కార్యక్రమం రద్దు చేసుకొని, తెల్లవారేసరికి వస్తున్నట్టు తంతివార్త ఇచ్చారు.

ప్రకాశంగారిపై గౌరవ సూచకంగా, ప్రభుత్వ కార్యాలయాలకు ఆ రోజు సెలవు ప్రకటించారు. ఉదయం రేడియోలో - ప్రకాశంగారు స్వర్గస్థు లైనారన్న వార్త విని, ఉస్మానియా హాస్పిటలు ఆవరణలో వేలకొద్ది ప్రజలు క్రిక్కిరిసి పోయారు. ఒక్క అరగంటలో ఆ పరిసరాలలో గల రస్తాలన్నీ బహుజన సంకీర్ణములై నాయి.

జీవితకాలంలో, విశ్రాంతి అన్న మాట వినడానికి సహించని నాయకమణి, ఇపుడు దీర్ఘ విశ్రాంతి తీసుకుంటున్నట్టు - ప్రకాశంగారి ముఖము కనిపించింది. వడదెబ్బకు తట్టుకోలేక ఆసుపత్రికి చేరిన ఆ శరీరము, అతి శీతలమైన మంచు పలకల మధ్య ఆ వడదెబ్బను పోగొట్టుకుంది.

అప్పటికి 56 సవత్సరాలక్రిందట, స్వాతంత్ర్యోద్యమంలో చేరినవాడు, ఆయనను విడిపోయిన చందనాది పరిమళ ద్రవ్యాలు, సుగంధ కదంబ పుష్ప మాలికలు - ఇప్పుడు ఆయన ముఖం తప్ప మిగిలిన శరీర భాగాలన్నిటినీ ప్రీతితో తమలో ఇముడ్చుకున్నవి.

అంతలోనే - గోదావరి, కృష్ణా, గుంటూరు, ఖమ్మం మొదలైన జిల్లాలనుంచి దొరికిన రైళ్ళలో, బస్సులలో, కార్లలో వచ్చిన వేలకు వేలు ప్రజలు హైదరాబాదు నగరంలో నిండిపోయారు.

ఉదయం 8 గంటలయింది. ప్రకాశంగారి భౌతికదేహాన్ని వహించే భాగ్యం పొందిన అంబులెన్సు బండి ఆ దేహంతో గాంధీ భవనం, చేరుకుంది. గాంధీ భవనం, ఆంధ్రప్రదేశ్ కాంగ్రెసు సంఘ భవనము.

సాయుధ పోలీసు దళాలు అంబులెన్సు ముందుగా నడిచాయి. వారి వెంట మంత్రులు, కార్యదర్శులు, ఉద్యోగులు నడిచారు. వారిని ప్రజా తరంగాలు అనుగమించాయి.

**WHAT IS EXPECTED**
Reproduce the entries exactly, starting at their first line and stopping after the line with "ప్రకాశంగారిపై గౌరవ సూచకంగా, ప్రభుత్వ".

**EXPECTED ANSWER**
కార్యక్రమం రద్దు చేసుకొని, తెల్లవారేసరికి వస్తున్నట్టు తంతివార్త ఇచ్చారు.

ప్రకాశంగారిపై గౌరవ సూచకంగా, ప్రభుత్వ కార్యాలయాలకు ఆ రోజు సెలవు ప్రకటించారు. ఉదయం రేడియోలో - ప్రకాశంగారు స్వర్గస్థు లైనారన్న వార్త విని, ఉస్మానియా హాస్పిటలు ఆవరణలో వేలకొద్ది ప్రజలు క్రిక్కిరిసి పోయారు. ఒక్క అరగంటలో ఆ పరిసరాలలో గల రస్తాలన్నీ బహుజన సంకీర్ణములై నాయి.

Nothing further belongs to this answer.